*MATERIAL FOR THIS EXERCISE:*
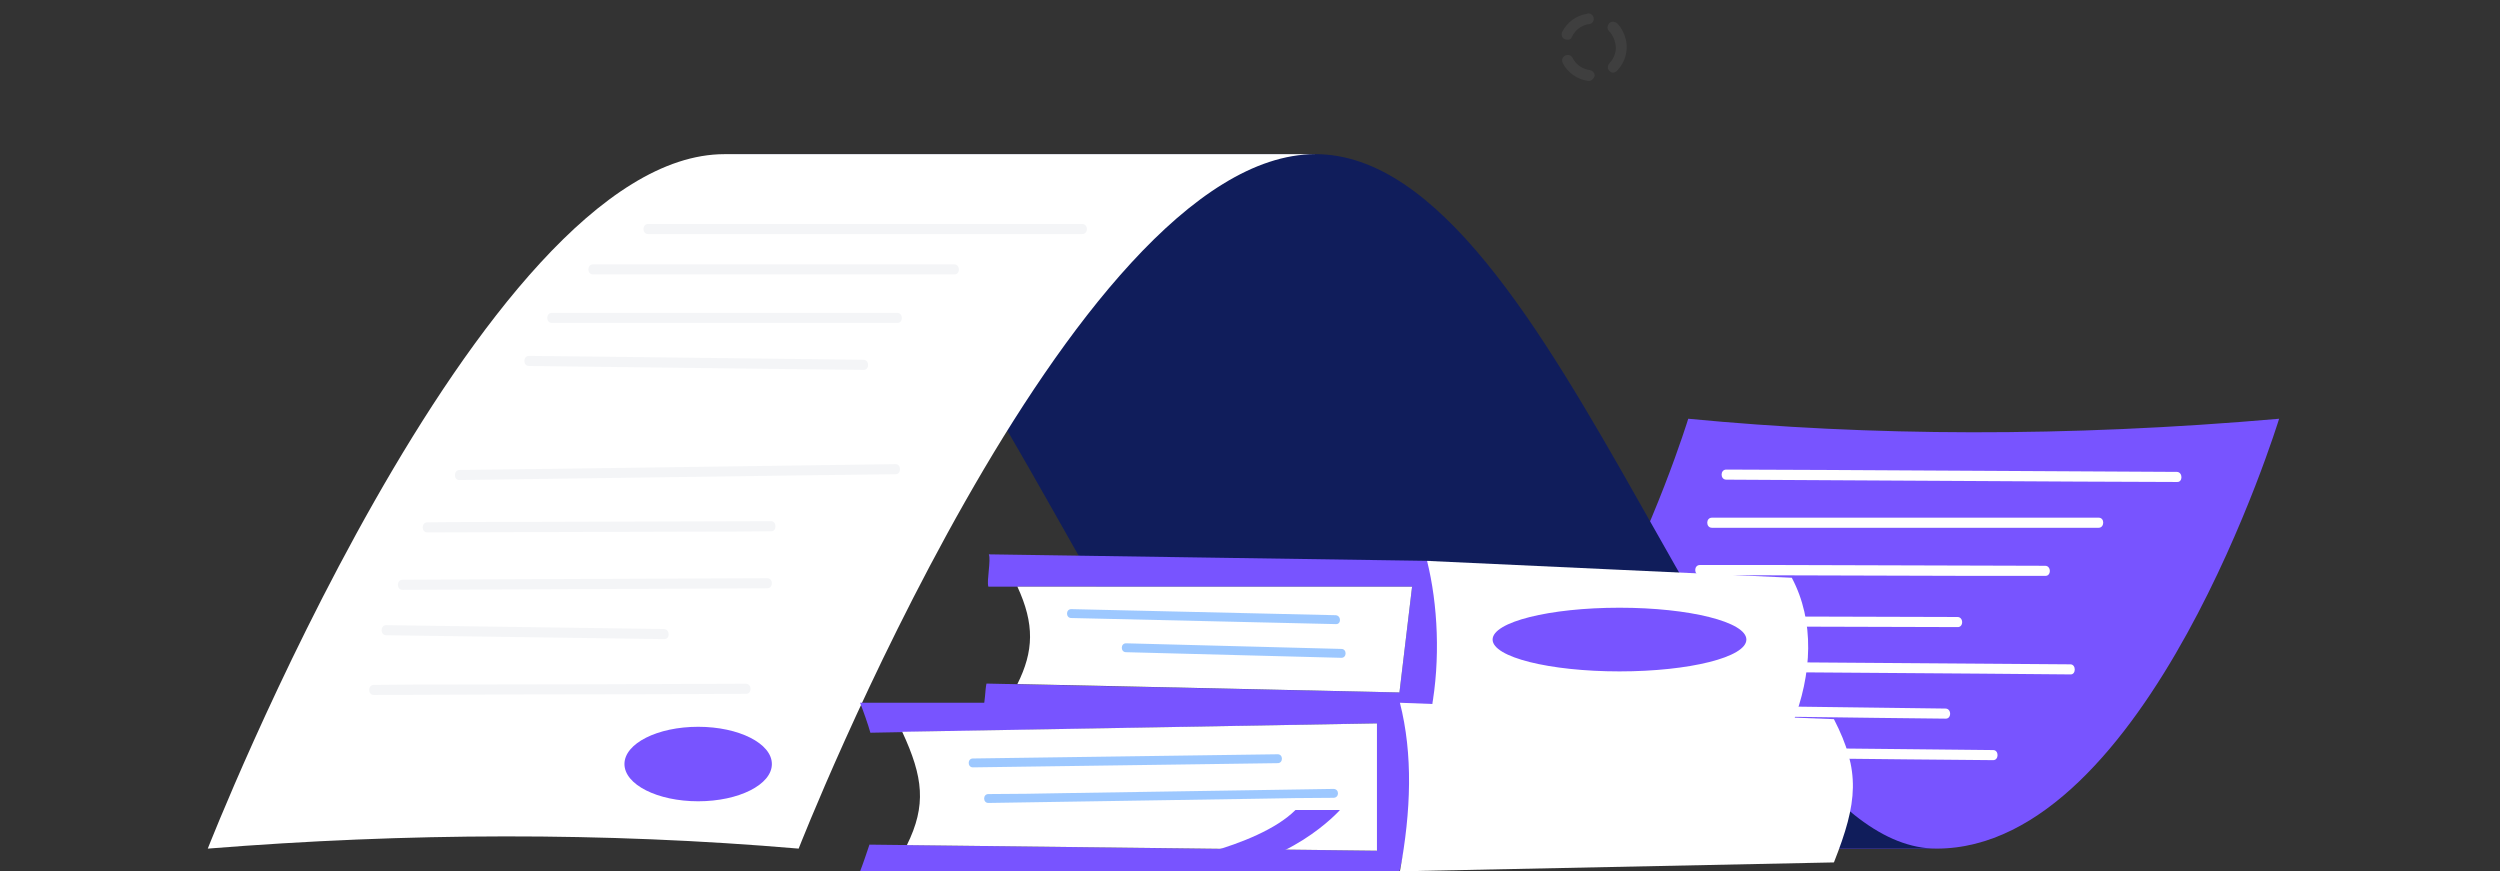 <svg width="373" height="130" viewBox="0 0 373 130" fill="none" xmlns="http://www.w3.org/2000/svg">
<rect x="0" y="0" width="373" height="130" fill="#333333" stroke="none"/>
<g clip-path="url(#clip0_59288_8569)">
<path d="M251.886 62.477C251.886 62.477 232.264 126.613 200.774 126.613H288.932C320.421 126.613 340.044 62.477 340.044 62.477C308.208 65.256 278.976 65.082 251.886 62.477Z" fill="#7854FF"/>
<path d="M324.82 70.407C307.339 70.291 289.858 70.234 272.377 70.118C267.457 70.118 262.479 70.06 257.559 70.06C256.633 70.06 256.633 71.565 257.559 71.565C275.04 71.681 292.521 71.739 310.002 71.854C314.922 71.854 319.9 71.912 324.82 71.912C325.689 71.97 325.689 70.465 324.82 70.407Z" fill="white"/>
<path d="M313.128 77.238H255.417C254.491 77.238 254.491 78.743 255.417 78.743H313.128C313.996 78.743 314.054 77.238 313.128 77.238Z" fill="white"/>
<path d="M305.14 84.415C291.769 84.357 278.455 84.357 265.084 84.299C261.264 84.299 257.443 84.299 253.623 84.299C252.697 84.299 252.697 85.804 253.623 85.804C266.994 85.862 280.308 85.862 293.679 85.92C297.499 85.92 301.32 85.92 305.14 85.92C306.066 85.978 306.066 84.415 305.14 84.415Z" fill="white"/>
<path d="M292.058 92.056C278.281 91.998 264.563 91.998 250.786 91.94C249.86 91.94 249.86 93.445 250.786 93.445C264.563 93.503 278.281 93.503 292.058 93.561C292.984 93.619 292.984 92.056 292.058 92.056Z" fill="white"/>
<path d="M308.902 99.118L261.263 98.771L247.834 98.655C246.908 98.655 246.908 100.16 247.834 100.16C263.695 100.276 279.613 100.391 295.473 100.507C299.93 100.565 304.445 100.565 308.902 100.623C309.771 100.681 309.771 99.118 308.902 99.118Z" fill="white"/>
<path d="M290.264 105.717C278.282 105.543 266.358 105.427 254.375 105.254C250.96 105.196 247.487 105.196 244.072 105.138C243.146 105.138 243.146 106.643 244.072 106.643C256.054 106.816 267.978 106.932 279.96 107.106L290.264 107.222C291.19 107.28 291.19 105.717 290.264 105.717Z" fill="white"/>
<path d="M297.384 111.91C282.565 111.737 267.747 111.621 252.986 111.447C248.761 111.389 244.593 111.389 240.367 111.331C239.441 111.331 239.441 112.836 240.367 112.836C255.186 113.01 270.004 113.126 284.765 113.3C288.932 113.357 293.158 113.357 297.384 113.415C298.252 113.415 298.252 111.91 297.384 111.91Z" fill="white"/>
<path d="M196.26 23H108.102C144.685 23 169.286 126.613 200.775 126.613H288.933C257.444 126.613 232.843 23 196.26 23Z" fill="#101D5B"/>
<path d="M119.158 126.613C119.158 126.613 159.735 23 196.26 23H108.102C71.577 23 31 126.613 31 126.613C60.695 124.24 90.042 124.124 119.158 126.613Z" fill="white"/>
<path d="M161.471 33.419H96.698C95.772 33.419 95.772 34.924 96.698 34.924H161.471C162.397 34.924 162.397 33.419 161.471 33.419Z" fill="#F4F5F7"/>
<path d="M142.37 39.439H88.479C87.553 39.439 87.553 40.944 88.479 40.944H142.37C143.296 41.002 143.296 39.439 142.37 39.439Z" fill="#F4F5F7"/>
<path d="M133.86 46.675H82.343C81.417 46.675 81.417 48.18 82.343 48.18H133.86C134.786 48.238 134.786 46.675 133.86 46.675Z" fill="#F4F5F7"/>
<path d="M133.629 69.25C116.726 69.481 99.824 69.713 82.922 69.944C78.118 70.002 73.371 70.06 68.567 70.118C67.641 70.118 67.641 71.681 68.567 71.623C85.469 71.391 102.371 71.16 119.273 70.928C124.078 70.87 128.824 70.812 133.629 70.755C134.497 70.755 134.497 69.25 133.629 69.25Z" fill="#F4F5F7"/>
<path d="M115.048 77.759C101.735 77.817 88.421 77.817 75.108 77.874C71.345 77.874 67.525 77.874 63.763 77.932C62.836 77.932 62.836 79.437 63.763 79.437C77.076 79.379 90.389 79.379 103.703 79.322C107.465 79.322 111.286 79.322 115.048 79.264C115.916 79.322 115.916 77.759 115.048 77.759Z" fill="#F4F5F7"/>
<path d="M114.469 86.268C100.345 86.326 86.222 86.383 72.098 86.441C68.104 86.441 64.052 86.499 60.058 86.499C59.132 86.499 59.132 88.004 60.058 88.004C74.182 87.946 88.305 87.888 102.429 87.831C106.423 87.831 110.475 87.773 114.469 87.773C115.395 87.773 115.395 86.268 114.469 86.268Z" fill="#F4F5F7"/>
<path d="M99.072 93.85C85.238 93.677 71.461 93.445 57.627 93.272C56.701 93.272 56.701 94.777 57.627 94.777C71.461 94.95 85.238 95.182 99.072 95.356C99.998 95.413 99.998 93.908 99.072 93.85Z" fill="#F4F5F7"/>
<path d="M111.285 102.012C96.872 102.07 82.459 102.128 67.988 102.128C63.936 102.128 59.826 102.128 55.774 102.186C54.848 102.186 54.848 103.691 55.774 103.691C70.187 103.633 84.601 103.575 99.072 103.575L111.285 103.517C112.211 103.575 112.211 102.012 111.285 102.012Z" fill="#F4F5F7"/>
<path d="M128.824 53.679L89.926 53.216C86.279 53.158 82.575 53.158 78.928 53.1C78.002 53.1 78.002 54.605 78.928 54.605L117.826 55.068C121.473 55.126 125.178 55.126 128.824 55.184C129.75 55.242 129.75 53.679 128.824 53.679Z" fill="#F4F5F7"/>
<path d="M104.166 119.551C110.24 119.551 115.164 117.063 115.164 113.994C115.164 110.925 110.24 108.437 104.166 108.437C98.092 108.437 93.168 110.925 93.168 113.994C93.168 117.063 98.092 119.551 104.166 119.551Z" fill="#7854FF"/>
<path d="M213.547 105.9H146.625C146.975 105.062 146.975 102.826 147.184 101.988L208.796 103.315L210.682 87.528H147.464C147.184 86.69 147.883 83.546 147.534 82.708L213.477 83.686C215.712 90.043 215.363 98.426 213.547 105.9Z" fill="#7854FF"/>
<path d="M267.405 108.066L213.547 105.9C214.944 98.426 214.525 90.113 212.918 83.686L267.335 86.201C270.758 92.628 270.409 100.591 267.405 108.066Z" fill="white"/>
<path d="M208.797 103.315L151.795 102.058C154.24 97.168 154.38 93.117 151.795 87.528H210.683L208.797 103.315Z" fill="white"/>
<path d="M241.628 100.172C252.083 100.172 260.559 98.045 260.559 95.422C260.559 92.798 252.083 90.672 241.628 90.672C231.173 90.672 222.697 92.798 222.697 95.422C222.697 98.045 231.173 100.172 241.628 100.172Z" fill="#7854FF"/>
<path d="M199.296 91.789L159.828 90.881C158.99 90.881 158.99 92.209 159.828 92.209L199.296 93.117C200.134 93.186 200.134 91.859 199.296 91.789Z" fill="#9DC8FF"/>
<path d="M200.134 96.819C189.446 96.54 178.689 96.26 168.001 95.981C167.163 95.981 167.163 97.308 168.001 97.308C178.689 97.587 189.446 97.867 200.134 98.146C200.972 98.146 200.972 96.819 200.134 96.819Z" fill="#9DC8FF"/>
<path d="M208.797 130H128.324C128.743 128.952 129.372 127.066 129.721 126.018L205.444 126.926V107.926L129.861 109.323C129.581 108.275 128.743 105.9 128.324 104.852H208.866C211.451 112.466 211.032 120.989 208.797 130Z" fill="#7854FF"/>
<path d="M273.622 128.673L208.866 130C210.543 120.989 210.822 112.536 208.866 104.852L273.622 107.297C277.603 115.051 277.184 119.661 273.622 128.673Z" fill="white"/>
<path d="M205.444 126.926L135.309 126.088C138.243 120.15 137.754 115.959 134.611 109.183L205.444 107.926V126.926Z" fill="white"/>
<path d="M190.635 112.536C178.829 112.676 167.024 112.886 155.218 113.025C151.865 113.095 148.512 113.095 145.159 113.165C144.321 113.165 144.321 114.492 145.159 114.492C156.964 114.352 168.77 114.143 180.575 114.003C183.928 113.933 187.281 113.933 190.635 113.863C191.473 113.863 191.473 112.536 190.635 112.536Z" fill="#9DC8FF"/>
<path d="M198.947 117.706C185.605 117.915 172.193 118.125 158.85 118.334C155.078 118.404 151.236 118.474 147.464 118.474C146.626 118.474 146.626 119.801 147.464 119.801C160.806 119.592 174.219 119.382 187.561 119.172C191.333 119.103 195.175 119.033 198.947 119.033C199.855 119.033 199.855 117.706 198.947 117.706Z" fill="#9DC8FF"/>
<path d="M193.289 120.849H199.925C199.925 120.849 192.171 129.651 179.458 129.93C181.134 129.301 182.322 128.603 183.02 127.695C179.667 128.743 176.035 129.092 172.263 129.022C172.263 129.022 187.491 126.647 193.289 120.849Z" fill="#7854FF"/>
<path d="M237.218 12.07C237.148 12.07 237.008 12.07 236.938 12.07C235.332 11.86 233.865 10.812 233.166 9.415C232.957 8.996 233.096 8.507 233.515 8.298C233.935 8.088 234.424 8.228 234.633 8.647C235.122 9.625 236.1 10.323 237.218 10.463C237.637 10.533 237.986 10.952 237.916 11.371C237.777 11.72 237.497 12 237.218 12.07ZM240.85 10.812C240.571 10.882 240.361 10.812 240.152 10.603C239.802 10.323 239.802 9.765 240.152 9.415C240.92 8.577 241.269 7.459 240.99 6.411C240.85 5.783 240.571 5.154 240.082 4.665C239.732 4.316 239.802 3.827 240.082 3.478C240.431 3.128 240.92 3.198 241.269 3.478C241.968 4.176 242.387 5.084 242.597 5.992C242.946 7.599 242.457 9.276 241.339 10.463C241.199 10.673 240.99 10.742 240.85 10.812ZM234.004 5.923C233.865 5.923 233.655 5.923 233.446 5.853C233.026 5.643 232.887 5.154 233.096 4.735C233.795 3.338 235.122 2.36 236.659 2.08C236.729 2.08 236.799 2.08 236.868 2.011C237.288 1.941 237.707 2.22 237.777 2.709C237.846 3.128 237.567 3.547 237.078 3.617C237.008 3.617 237.008 3.617 236.938 3.617C235.89 3.827 235.052 4.456 234.563 5.434C234.424 5.783 234.214 5.923 234.004 5.923Z" fill="#3F3F3F"/>
</g>
<defs>
<clipPath id="clip0_59288_8569">
<rect width="372.955" height="130" fill="white"/>
</clipPath>
</defs>
</svg>

*ABOUT THIS TASK:*
Could you return exactly the stretch of the data above that starts at the line with "96.819C189.446 96.54 178.689" and ends at the line with "126.926L135.309 126.088C138.243 120.15", both lines included?

*RESULT OF THIS TASK:*
<path d="M200.134 96.819C189.446 96.54 178.689 96.26 168.001 95.981C167.163 95.981 167.163 97.308 168.001 97.308C178.689 97.587 189.446 97.867 200.134 98.146C200.972 98.146 200.972 96.819 200.134 96.819Z" fill="#9DC8FF"/>
<path d="M208.797 130H128.324C128.743 128.952 129.372 127.066 129.721 126.018L205.444 126.926V107.926L129.861 109.323C129.581 108.275 128.743 105.9 128.324 104.852H208.866C211.451 112.466 211.032 120.989 208.797 130Z" fill="#7854FF"/>
<path d="M273.622 128.673L208.866 130C210.543 120.989 210.822 112.536 208.866 104.852L273.622 107.297C277.603 115.051 277.184 119.661 273.622 128.673Z" fill="white"/>
<path d="M205.444 126.926L135.309 126.088C138.243 120.15 137.754 115.959 134.611 109.183L205.444 107.926V126.926Z" fill="white"/>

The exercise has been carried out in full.